Co-opted – Treasurer designate

Keith MyersI am Head of Research at Westwood Global Energy, a global oil and gas research company, responsible for research across the business. I graduated in Geology from the University of Edinburgh and went on receive a PhD in Sedimentology from Imperial College.

I joined BP as a geologist in 1987 where I had both senior technical and commercial roles. After leaving BP in 2000, I was the managing director of an energy software company and an advisor to numerous energy companies on strategy and partnership issues. 
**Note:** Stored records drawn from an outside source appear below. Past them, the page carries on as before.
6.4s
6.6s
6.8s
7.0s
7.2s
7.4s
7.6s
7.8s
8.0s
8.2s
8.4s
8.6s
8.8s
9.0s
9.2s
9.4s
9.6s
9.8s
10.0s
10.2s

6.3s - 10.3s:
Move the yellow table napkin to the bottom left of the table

I was the co-founder and managing partner of Richmond Energy Partners, providing research and advice to investors in smaller oil and gas companies. REP went on to launch the Wildcat exploration intelligence service which is now relied upon by E&P companies globally. REP became part of Westwood Global Energy Group in 2015 following its sale to Energy Ventures private equity.
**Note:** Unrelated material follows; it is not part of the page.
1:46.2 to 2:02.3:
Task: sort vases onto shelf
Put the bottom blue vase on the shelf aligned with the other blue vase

I have been a Fellow of the Geological Society since graduating. I have published papers on a range of topics, including in five Geological Society Special Publications, and co-authored a textbook on Sequence Stratigraphy.

I have a keen interest in the oil sector's governance and have been an Associate fellow at the foreign affairs think tank Chatham House. I have led capacity building initiatives for the parliaments of several emerging oil and gas-producing countries and I serve on the advisory group for the Natural Resource Governance Institute.